Partidarios del ultraderechista José Antonio Kast se manifiestan tras conocer los primeros resultados de la primera vuelta de las elecciones celebradas en Chile el domingo.IVAN ALVARADO (Reuters)
Partidarios del ultraderechista José Antonio Kast se manifiestan tras conocer los primeros resultados de la primera vuelta de las elecciones celebradas en Chile el domingo.IVAN ALVARADO (Reuters)

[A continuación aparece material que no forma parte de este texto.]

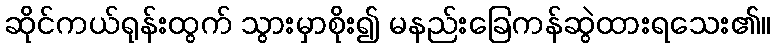
ဆိုင်ကယ်ရုန်းထွက် သွားမှာစိုး၍ မနည်းခြေကန်ဆွဲထားရသေး၏။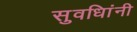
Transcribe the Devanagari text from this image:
सुवधिांनी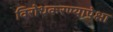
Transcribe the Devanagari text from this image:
विरोधकरण्यापेक्षा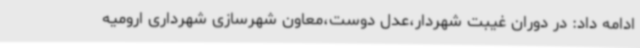
ادامه داد: در دوران غیبت شهردار،عدل دوست،معاون شهرسازی شهرداری ارومیه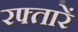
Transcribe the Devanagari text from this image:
रफ्तारें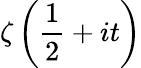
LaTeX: \zeta\left({\frac{1}{2}}+it\right)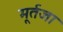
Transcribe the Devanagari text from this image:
मूर्तजा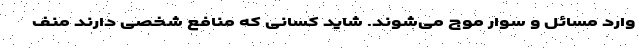
وارد مسائل و سوار موج می‌شوند. شاید کسانی که منافع شخصی دارند منف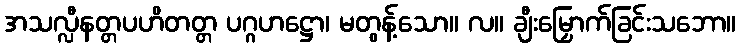
အသလ္လီနတ္တပဟိတတ္တ ပဂ္ဂဟဋ္ဌော၊ မတွန့်သော။ လ။ ချီးမြှောက်ခြင်းသဘော။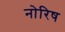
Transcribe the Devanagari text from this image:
नोरिष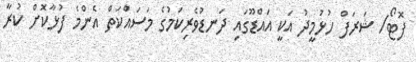
ފޮޓޯ/ ޝަރަފް ހުޅުމީދު އަކީ އައްޑޫގައި ދަނޑުވެރިކަމުގެ މަސައްކަތް އެންމެ ފުޅާކޮށް ކުރާ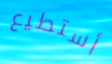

Con el 99,9% del voto escrutado van a la segunda vuelta de las elecciones presidenciales en Chile los líderes de dos formaciones nuevas: José Antonio Kast (27,9%) del Partido Republicano —ultraderecha conservadora en los valores y muy liberal en política económica–, y Gabriel Boric (25,8%) de Convergencia Social —coalición de partidos de izquierda y centroizquierda que ganaron peso en la campaña por el cambio constitucional—. Aunque la cobertura mediática se ocupa de la polarización del electorado, lo que destaca es su ausencia (53% de abstención). ¿Cómo entender la conexión entre la apatía y el estallido de 2019? ¿Cómo explicar que tras el mayoritario Apruebo a la nueva Constitución, en 2020, poco más de un año después encabece las preferencias un líder de la extrema derecha que reivindica la dictadura? Cinco claves: la despolitización de Augusto Pinochet dejó sus frutos; la turbopolítica domina la esfera pública y se traduce en una volatilidad extrema; el voto voluntario favorece la polarización y también incentiva la abstención; el estallido social fue un síntoma grave, sobrefestejado por las expectativas de transformación generadas y subestimado en sus condicionantes; finalmente, los resultados de las presidenciales ponen en riesgo el proceso constituyente y con ello la redefinición de la democracia en Chile. Veamos cómo encajan las piezas.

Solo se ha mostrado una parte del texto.